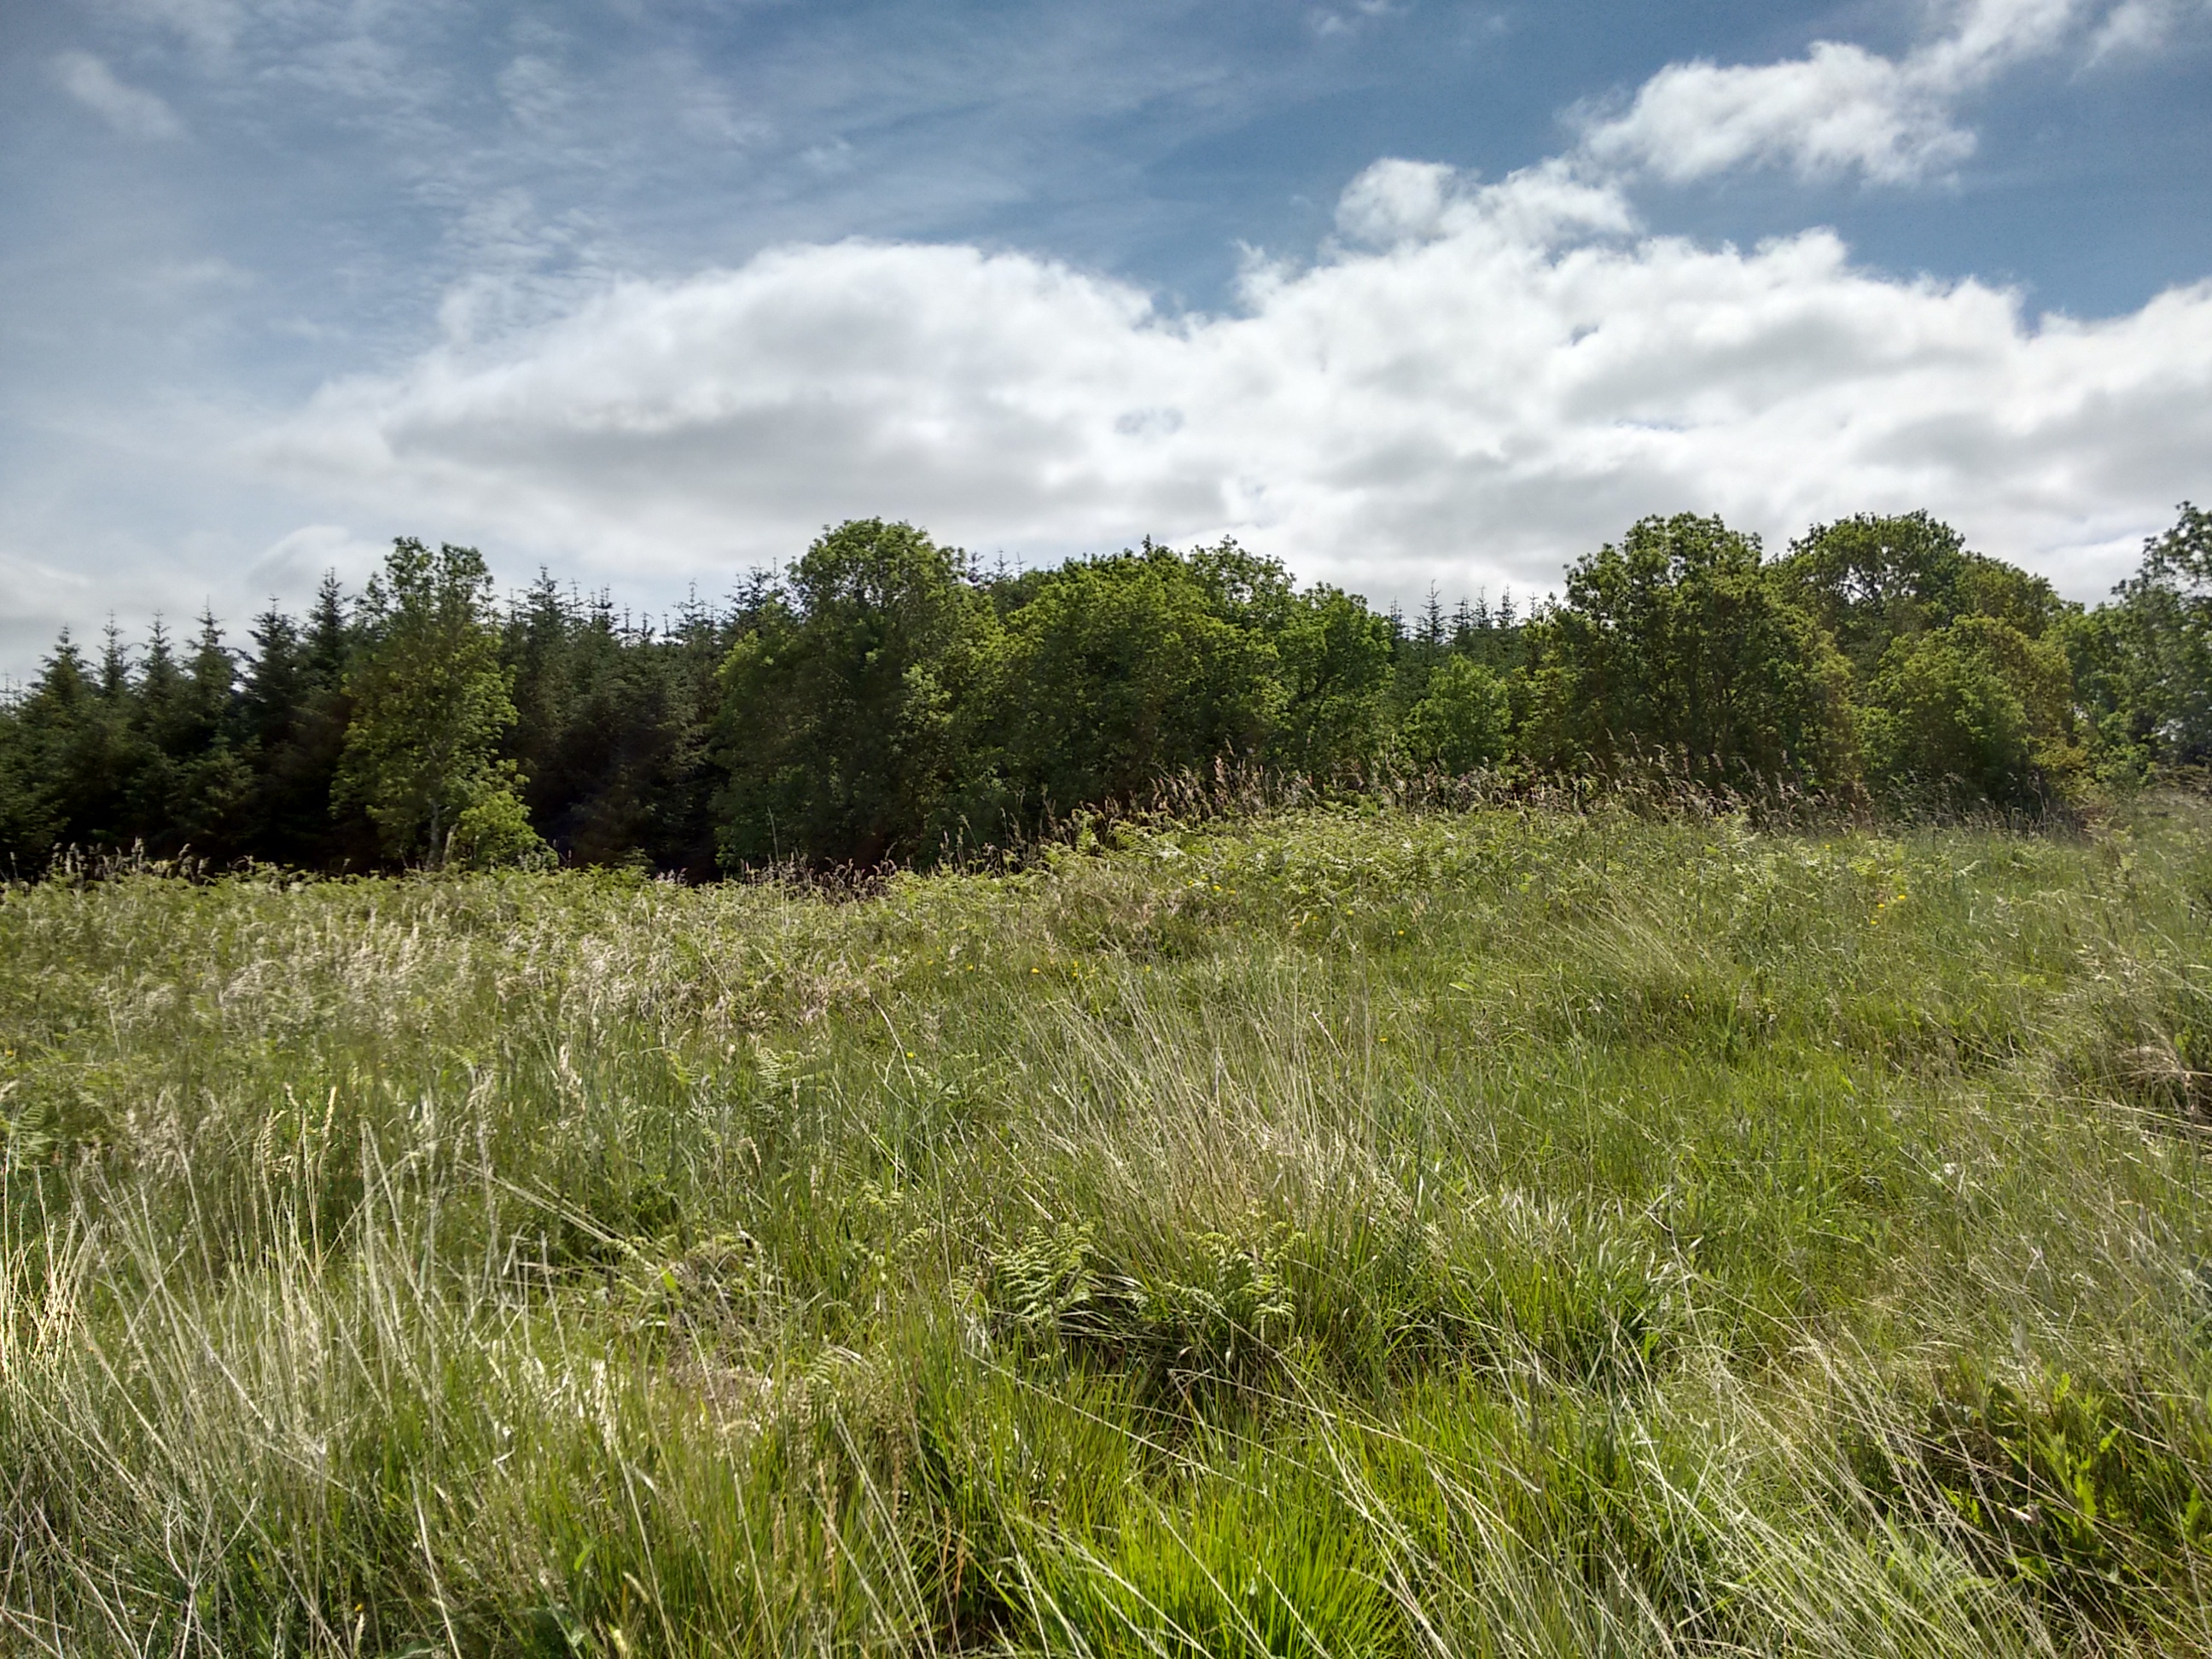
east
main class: Grassland
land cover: Grassland without tree/shrub cover
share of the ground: > 75 %
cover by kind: herbaceous plants 100 %
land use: Agriculture (excluding fallow land and kitchen gardens)
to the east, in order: Grassland without tree/shrub cover; Broadleaved woodland; Dry stone walls; Fences; Broadleaved woodland; Fences; Broadleaved woodland; Grassland without tree/shrub cover; Spruce dominated coniferous woodland
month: June
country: IE
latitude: 53.2258
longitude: -8.5444
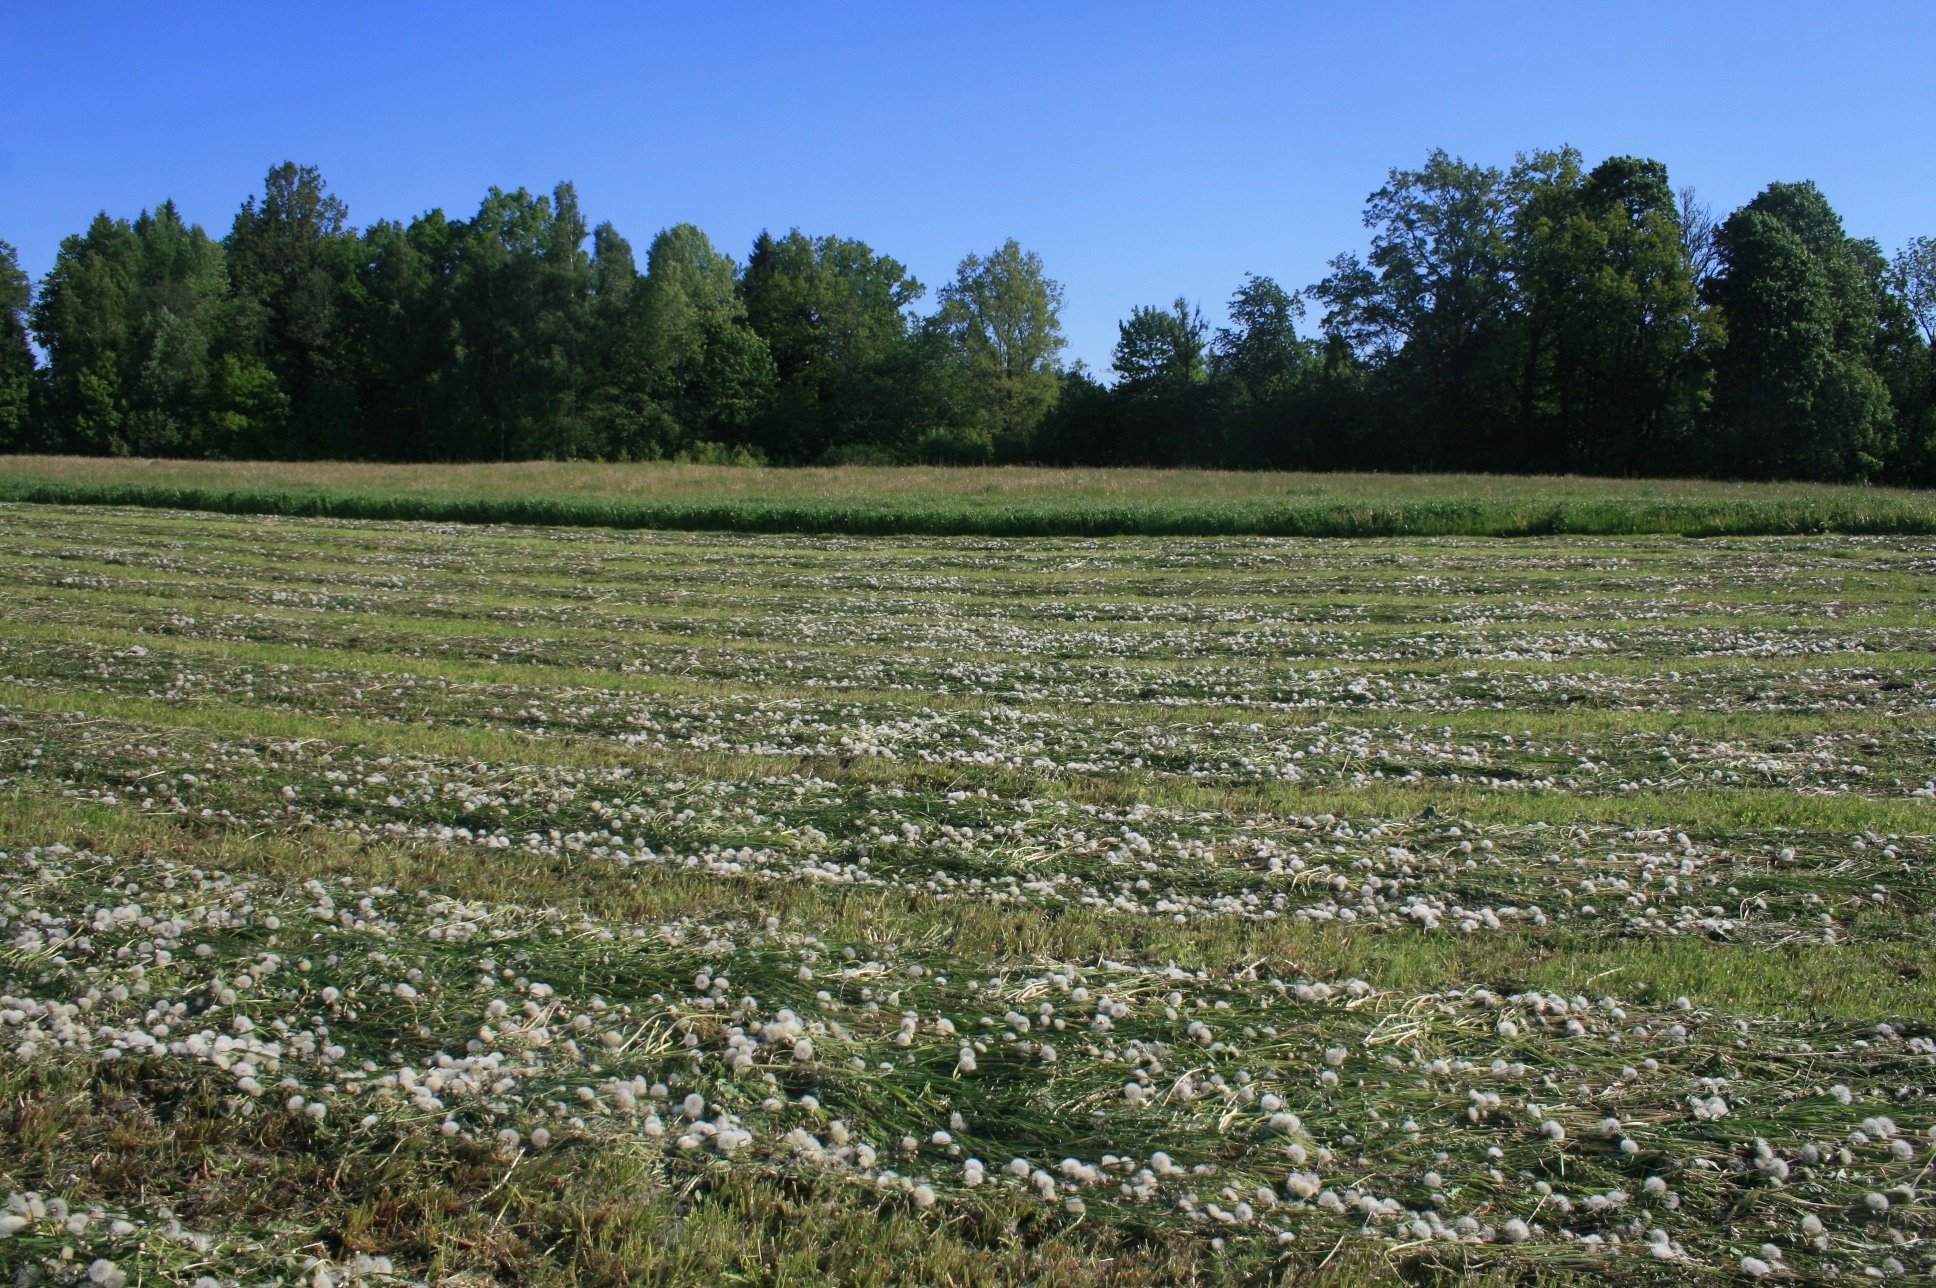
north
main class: Grassland
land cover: Grassland without tree/shrub cover
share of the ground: > 75 %
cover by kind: herbaceous plants 100 %
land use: Agriculture (excluding fallow land and kitchen gardens)
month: June
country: LT
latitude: 55.8777
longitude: 21.9919

* * *

> WORK REQUIRED
Send back the data above word for word, with the pictures left out.

> OUTPUT OF THE TASK
east
main class: Grassland
land cover: Grassland without tree/shrub cover
share of the ground: > 75 %
cover by kind: herbaceous plants 100 %
land use: Agriculture (excluding fallow land and kitchen gardens)
to the east, in order: Grassland without tree/shrub cover; Broadleaved woodland; Dry stone walls; Fences; Broadleaved woodland; Fences; Broadleaved woodland; Grassland without tree/shrub cover; Spruce dominated coniferous woodland
month: June
country: IE
latitude: 53.2258
longitude: -8.5444
north
main class: Grassland
land cover: Grassland without tree/shrub cover
share of the ground: > 75 %
cover by kind: herbaceous plants 100 %
land use: Agriculture (excluding fallow land and kitchen gardens)
month: June
country: LT
latitude: 55.8777
longitude: 21.9919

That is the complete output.